Egypt has a long and violent history of Islamist militancy, including a jihadist insurgency in the 1990s that the state eventually vanquished. When the president was ousted in a popular uprising in 2011, however, many of those same militants either escaped or were released from jail. Some formed Islamist political parties, but others headed to Egypt’s Sinai desert, where Bedouin tribesmen had routed police during the revolt.
The Sinai Bedouins, who maintain a distinct dialect and culture from mainland Egyptians, had long complained of discrimination and neglect at the hands of the state. The government, in turn, viewed the Bedouins with suspicion and treated the Sinai population as a security threat.
So in the chaos after the rebellion began, the Bedouins in North Sinai took the opportunity to banish security forces. The lawless desert was a prime spot for the jihadists to train, smuggle weapons and begin staging attacks on Israel. Some tribesmen didn’t have the power to stand up to the militants. In other cases, young Bedouin men joined the militant groups.
They eventually coalesced into a single movement called Ansar Bayt al-Maqdes, which later declared itself the “Sinai Province” of the Islamic State.
But it was the 2013 military coup and bloody state crackdown on the Islamist opposition that propelled the insurgency into its current — and more deadly — form. The Sinai-based jihadists shifted their focus from Israel to Egypt, eventually helping kill hundreds of police and soldiers they declared apostates for murdering fellow Muslims.
Ashmawy used his military training and combat experience to help Ansar Bayt al-Maqdes launch some of the more devastating attacks. In addition, the militants recruited police and army informants who alerted them to security forces’ movements, officials said.
“What the state hasn’t faced before are groups that have this same level of sophistication and determination” to carry out attacks, said Mokhtar Awad, research associate at the Center for American Progress. Authorities also believe that Ashmawy masterminded the July 2014 assault on an army checkpoint in Egypt’s remote Western Desert, which killed more than 20 soldiers, Awad said.

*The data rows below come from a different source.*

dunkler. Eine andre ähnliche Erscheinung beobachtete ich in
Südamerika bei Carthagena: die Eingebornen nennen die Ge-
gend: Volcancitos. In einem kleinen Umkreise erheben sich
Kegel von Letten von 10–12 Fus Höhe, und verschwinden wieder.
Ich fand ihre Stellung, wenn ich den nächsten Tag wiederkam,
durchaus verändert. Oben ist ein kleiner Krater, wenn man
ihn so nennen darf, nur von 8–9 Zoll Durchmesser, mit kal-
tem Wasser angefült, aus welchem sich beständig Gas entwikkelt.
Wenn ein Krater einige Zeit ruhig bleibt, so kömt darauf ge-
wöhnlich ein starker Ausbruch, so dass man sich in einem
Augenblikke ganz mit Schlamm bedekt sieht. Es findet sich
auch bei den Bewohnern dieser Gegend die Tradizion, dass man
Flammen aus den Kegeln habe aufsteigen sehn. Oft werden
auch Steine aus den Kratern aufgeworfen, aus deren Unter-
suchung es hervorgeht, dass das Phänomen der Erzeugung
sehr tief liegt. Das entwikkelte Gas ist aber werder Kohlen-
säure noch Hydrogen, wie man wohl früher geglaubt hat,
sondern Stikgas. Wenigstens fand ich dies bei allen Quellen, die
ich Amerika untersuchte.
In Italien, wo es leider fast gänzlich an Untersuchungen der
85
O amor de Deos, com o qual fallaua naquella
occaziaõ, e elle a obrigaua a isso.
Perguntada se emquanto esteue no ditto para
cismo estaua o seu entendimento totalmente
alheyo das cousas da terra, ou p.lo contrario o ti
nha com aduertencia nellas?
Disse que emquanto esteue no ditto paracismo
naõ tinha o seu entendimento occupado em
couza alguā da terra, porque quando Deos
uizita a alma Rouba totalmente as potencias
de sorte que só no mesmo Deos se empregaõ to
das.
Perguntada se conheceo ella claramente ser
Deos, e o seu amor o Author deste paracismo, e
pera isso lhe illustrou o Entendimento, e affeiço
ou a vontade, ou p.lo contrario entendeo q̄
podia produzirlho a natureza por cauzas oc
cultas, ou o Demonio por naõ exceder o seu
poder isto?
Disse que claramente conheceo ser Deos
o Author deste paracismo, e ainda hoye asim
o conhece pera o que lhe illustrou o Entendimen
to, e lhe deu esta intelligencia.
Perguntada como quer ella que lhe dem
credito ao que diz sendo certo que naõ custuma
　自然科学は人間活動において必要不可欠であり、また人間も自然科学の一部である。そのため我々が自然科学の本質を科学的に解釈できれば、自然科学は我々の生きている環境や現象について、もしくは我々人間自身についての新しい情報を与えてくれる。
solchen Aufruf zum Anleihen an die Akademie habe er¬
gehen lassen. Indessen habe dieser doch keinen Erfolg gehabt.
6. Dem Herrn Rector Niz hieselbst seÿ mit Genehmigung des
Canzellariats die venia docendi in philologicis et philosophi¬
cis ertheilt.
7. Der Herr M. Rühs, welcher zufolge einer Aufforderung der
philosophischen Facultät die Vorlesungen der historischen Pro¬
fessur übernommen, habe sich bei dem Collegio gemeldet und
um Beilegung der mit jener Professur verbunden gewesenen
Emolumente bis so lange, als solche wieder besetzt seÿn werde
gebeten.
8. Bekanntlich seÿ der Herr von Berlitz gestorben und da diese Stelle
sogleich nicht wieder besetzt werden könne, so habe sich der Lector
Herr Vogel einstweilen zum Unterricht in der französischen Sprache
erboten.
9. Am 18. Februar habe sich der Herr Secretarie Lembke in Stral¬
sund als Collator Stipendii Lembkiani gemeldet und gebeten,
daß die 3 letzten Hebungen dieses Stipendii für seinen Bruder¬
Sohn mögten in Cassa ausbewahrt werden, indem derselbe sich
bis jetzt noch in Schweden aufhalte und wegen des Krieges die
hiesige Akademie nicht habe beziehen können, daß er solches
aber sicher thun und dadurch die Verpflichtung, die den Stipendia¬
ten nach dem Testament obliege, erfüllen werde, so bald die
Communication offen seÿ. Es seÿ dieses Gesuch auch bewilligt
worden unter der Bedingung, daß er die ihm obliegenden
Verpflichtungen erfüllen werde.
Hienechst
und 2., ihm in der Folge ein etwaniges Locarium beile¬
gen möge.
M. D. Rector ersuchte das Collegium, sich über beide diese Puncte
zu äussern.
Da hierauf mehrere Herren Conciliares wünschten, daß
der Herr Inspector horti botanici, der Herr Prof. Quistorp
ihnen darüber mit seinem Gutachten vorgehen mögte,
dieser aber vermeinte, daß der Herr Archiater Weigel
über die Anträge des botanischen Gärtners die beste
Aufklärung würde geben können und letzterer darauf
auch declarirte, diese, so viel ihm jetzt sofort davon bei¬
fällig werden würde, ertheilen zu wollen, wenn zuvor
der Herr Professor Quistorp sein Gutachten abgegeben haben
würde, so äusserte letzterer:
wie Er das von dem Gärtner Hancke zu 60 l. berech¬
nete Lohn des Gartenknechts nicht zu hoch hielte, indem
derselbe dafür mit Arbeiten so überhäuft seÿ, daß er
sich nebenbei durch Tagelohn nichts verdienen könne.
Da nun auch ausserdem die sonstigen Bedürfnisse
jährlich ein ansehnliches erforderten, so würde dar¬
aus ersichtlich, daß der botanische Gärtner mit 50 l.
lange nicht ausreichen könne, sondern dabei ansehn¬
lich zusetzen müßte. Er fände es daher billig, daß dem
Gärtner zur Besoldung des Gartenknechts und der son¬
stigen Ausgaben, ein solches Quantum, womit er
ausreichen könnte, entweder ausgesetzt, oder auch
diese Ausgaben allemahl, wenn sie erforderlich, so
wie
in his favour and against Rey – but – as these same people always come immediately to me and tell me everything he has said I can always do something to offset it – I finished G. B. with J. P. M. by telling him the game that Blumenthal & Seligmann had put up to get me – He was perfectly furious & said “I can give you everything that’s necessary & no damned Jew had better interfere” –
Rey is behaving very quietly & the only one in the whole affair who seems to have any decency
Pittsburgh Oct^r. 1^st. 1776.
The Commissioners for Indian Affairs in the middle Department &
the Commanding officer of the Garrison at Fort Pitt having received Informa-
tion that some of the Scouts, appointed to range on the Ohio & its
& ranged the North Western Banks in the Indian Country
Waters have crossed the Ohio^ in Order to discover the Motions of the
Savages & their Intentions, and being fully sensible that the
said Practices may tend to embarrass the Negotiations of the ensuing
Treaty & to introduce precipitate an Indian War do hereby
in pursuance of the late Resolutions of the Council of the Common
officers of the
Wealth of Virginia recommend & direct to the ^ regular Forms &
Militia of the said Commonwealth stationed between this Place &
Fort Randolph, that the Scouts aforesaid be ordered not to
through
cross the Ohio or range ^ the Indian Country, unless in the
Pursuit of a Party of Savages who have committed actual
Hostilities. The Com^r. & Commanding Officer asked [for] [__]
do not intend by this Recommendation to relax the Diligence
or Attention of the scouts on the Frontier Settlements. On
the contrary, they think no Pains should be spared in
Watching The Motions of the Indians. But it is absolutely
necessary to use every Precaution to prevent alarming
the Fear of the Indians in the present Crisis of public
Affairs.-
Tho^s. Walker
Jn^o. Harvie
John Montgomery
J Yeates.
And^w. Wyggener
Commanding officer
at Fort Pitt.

“That was the very first time a military checkpoint was actually overrun,” Awad said of the desert attack. “The logistics must have been insane to be able to carry that out. And Ashmawy knows the area very well.”
Ashmawy split with Ansar Bayt al-Maqdes when the group joined the Islamic State as its “Sinai Province,” Gold and Awad said. The reasons are unclear, but media reports at the time said Ashmawy opposed the Islamic State’s harsh tactics against civilians in Iraq and Syria.
Egyptian officials say they believe Ashmawy ordered a failed suicide attack on a tourist site in Luxor and the assassination of state prosecutor Hisham Barakat in Cairo in June. In that attack, a powerful car bomb targeted Barakat’s vehicle convoy outside his home, fatally wounding the prosecutor and shattering windows in the neighborhood.
Those operations were followed in July and August by massive car bombs outside the Italian consulate in Cairo and the internal security headquarters in a nearby suburb. The Islamic State swiftly asserted responsibility for both attacks. Analysts say they believe a pro-Islamic State cell is also operating in Cairo independently of the group’s affiliate in Sinai, which is separated from mainland Egypt by the Suez Canal.
A loyal Islamic State cell in Cairo, Awad said, wouldn’t necessarily need to coordinate with their fellow militants in Sinai. And according to Gold, the presence of Islamic State operatives in Cairo adds to the image of an Egyptian state under siege.
A bigger threat, Awad says, is if either Ashmawy or the Islamic State begin recruiting more widely among the country’s disaffected Islamist youth.
“That’s the real measure of whether or not this jihad can be an existential threat to the Egyptian state,” Awad said.